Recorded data
=== Section Start ===

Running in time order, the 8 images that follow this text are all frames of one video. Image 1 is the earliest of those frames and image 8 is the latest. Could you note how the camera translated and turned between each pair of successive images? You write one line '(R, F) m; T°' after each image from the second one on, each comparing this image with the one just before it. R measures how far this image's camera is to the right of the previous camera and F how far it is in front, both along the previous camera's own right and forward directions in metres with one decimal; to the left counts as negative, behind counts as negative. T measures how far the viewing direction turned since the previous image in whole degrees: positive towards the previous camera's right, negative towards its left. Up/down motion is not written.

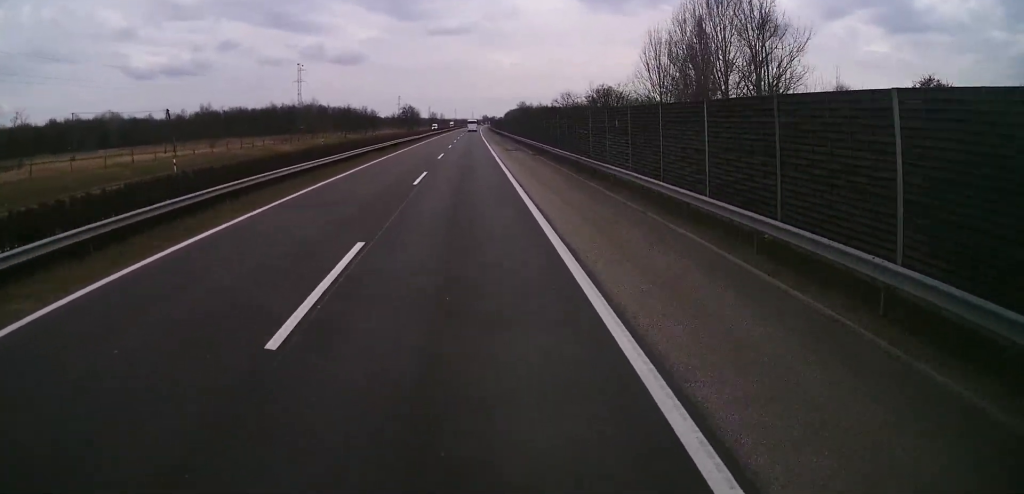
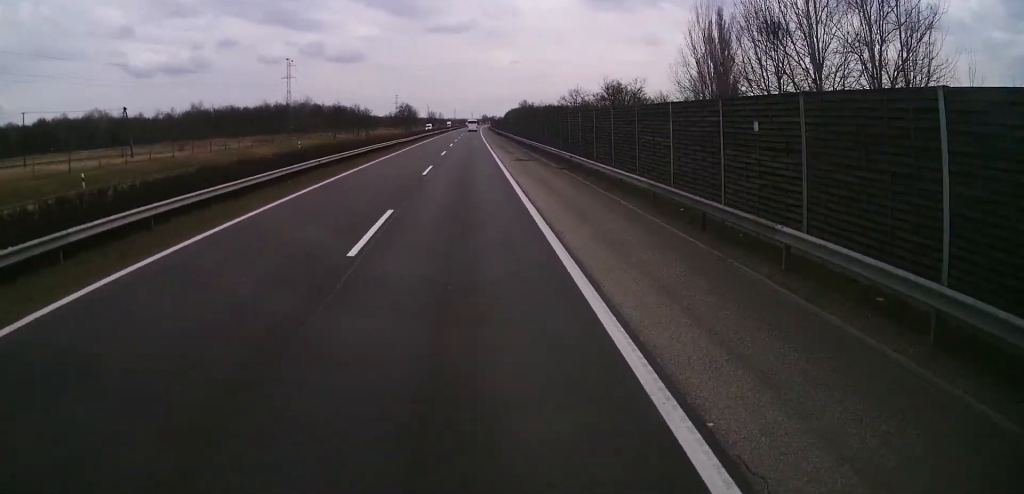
(-0.2, +13.1) m; 0°
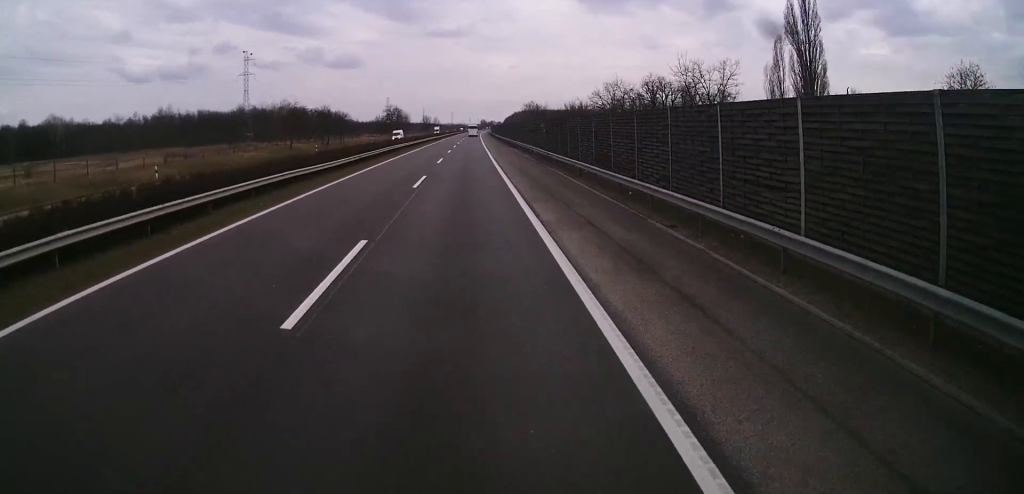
(+0.1, +39.9) m; 0°
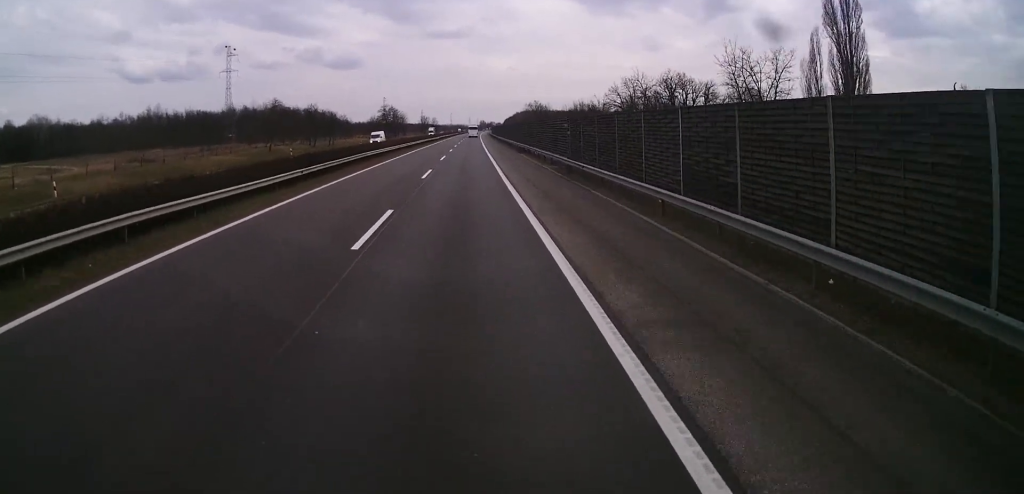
(-0.1, +13.0) m; 0°
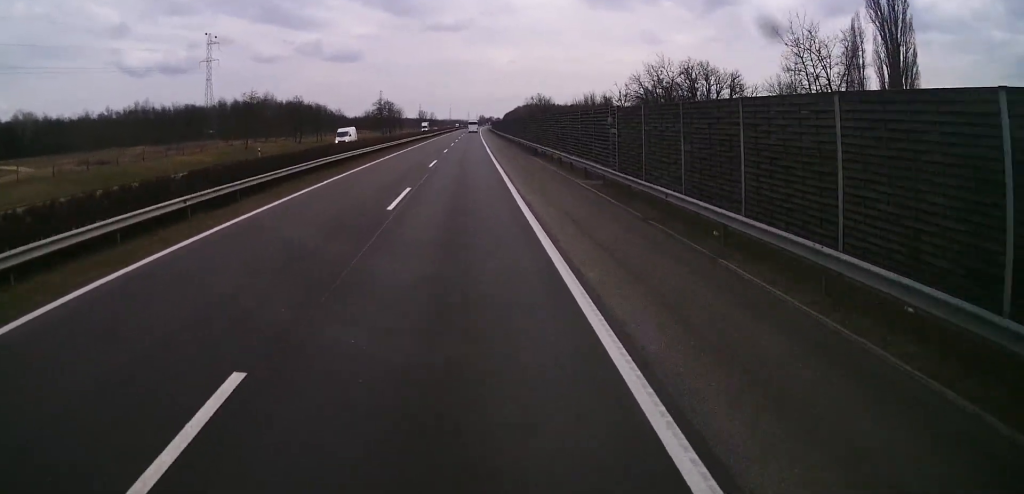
(0.0, +12.3) m; +1°
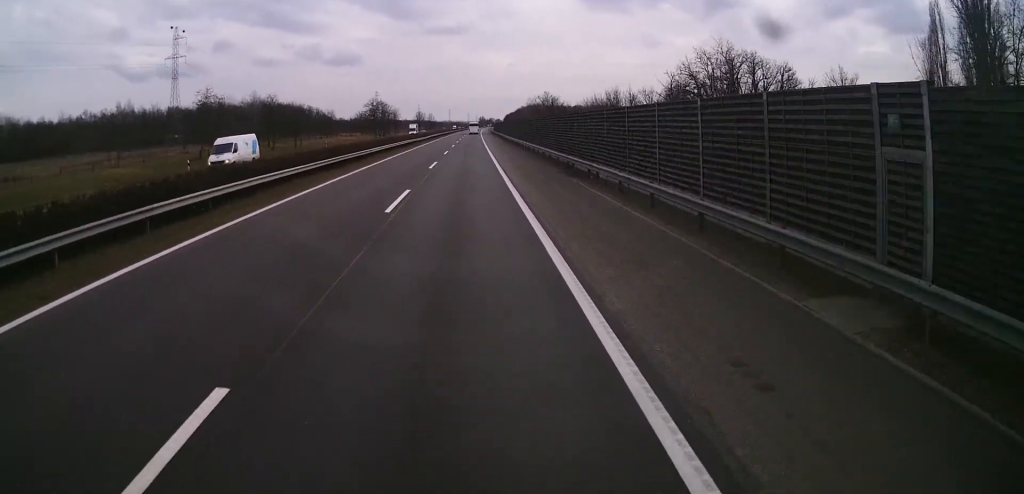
(+0.2, +18.4) m; +1°
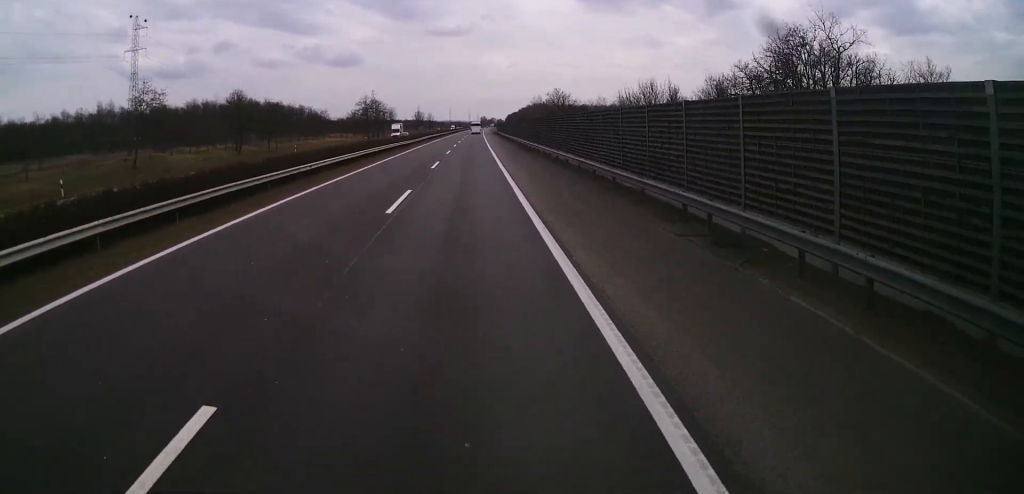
(+0.3, +18.5) m; 0°
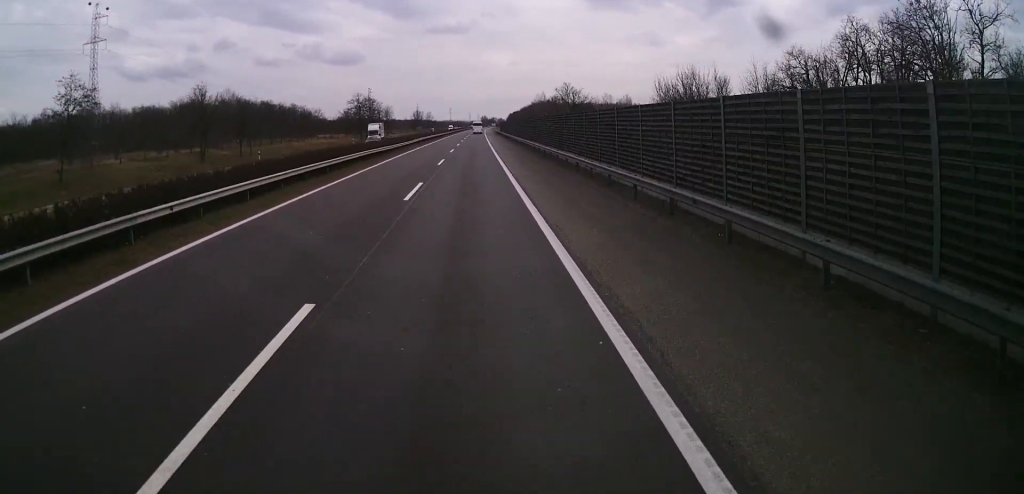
(-0.3, +14.6) m; -1°

=== Section End ===

EXERCISE GOAL: Apart from the pictures, every line of the data above should be given again exactly.

WORKED SOLUTION:
Running in time order, the 8 images that follow this text are all frames of one video. Image 1 is the earliest of those frames and image 8 is the latest. Could you note how the camera translated and turned between each pair of successive images? You write one line '(R, F) m; T°' after each image from the second one on, each comparing this image with the one just before it. R measures how far this image's camera is to the right of the previous camera and F how far it is in front, both along the previous camera's own right and forward directions in metres with one decimal; to the left counts as negative, behind counts as negative. T measures how far the viewing direction turned since the previous image in whole degrees: positive towards the previous camera's right, negative towards its left. Up/down motion is not written.

(-0.2, +13.1) m; 0°
(+0.1, +39.9) m; 0°
(-0.1, +13.0) m; 0°
(0.0, +12.3) m; +1°
(+0.2, +18.4) m; +1°
(+0.3, +18.5) m; 0°
(-0.3, +14.6) m; -1°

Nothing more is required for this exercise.